Он попытался еще раза два проломиться к Любке, но она его не пускала и на виду у всех заводила шашни с проезжими шоферами. Тогда Михаил стал проситься прочь из колхоза, обещая, если что, весь колхоз сжечь. Но из колхоза его тоже не отпустили и паспорт не отдавали. Он бросил работать — только пил. Но его терпели — был он на всю деревню единственным механиком.
В марте он пришел к Любке днем по чавкающему мокрому снегу, нахально натоптал следов на чистом полу.
— Слышишь, змея?
— Слышу. Ну и что?
— А то! — заорал он, напугав ребятишек. — Ты либо со мной живи, либо зарублю топором.
— Не буду.
— Тогда помоги уехать.
— Как я тебе помогу?
Он рассказал ей свой план, и она согласилась.
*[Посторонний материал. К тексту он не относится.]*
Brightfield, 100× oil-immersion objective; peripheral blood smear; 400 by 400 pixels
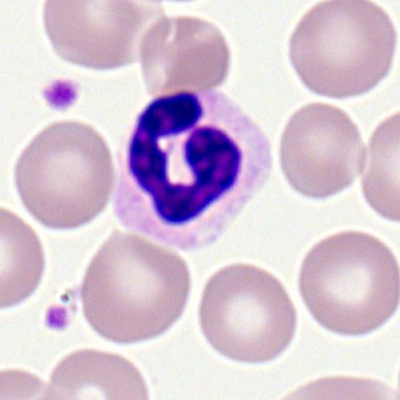 Morphological class: segmented neutrophil.

На следующий день он поехал в райцентр, продал остатки имущества и принес Любке деньги на покрытие убытков. Напившись, взял топор и снова пошел к ней. Но уже шумно. Ребятишек Любка увела к Насте.
Михаил вышиб в Любкином доме все стекла, порубил крыльцо, разломал два стула. Разрушил кровать. Разорвал занавеску. Даже синяк здоровенный поставил Любке под глазом и оцарапал руку.
Михаила судили в райцентре. Колхоз уговаривал Любку его простить, но Любка стояла на своем обвинении и требовала засадить его на всю жизнь в тюрьму, как неисправимого злодея. «Боюсь не за себя — за детей! — неестественным голосом выкрикивала она. — Меня пусть убивает!» И Михаил грозился в своем выступлении, что непременно ее убьет.
Дали ему год.
После отсидки он устроился в Ленинграде шофером на восстановлении домов и, наверное, получил бы комнату. Но чуть помокрел снег от теплого ветра, он попросил расчет и уехал обратно в деревню.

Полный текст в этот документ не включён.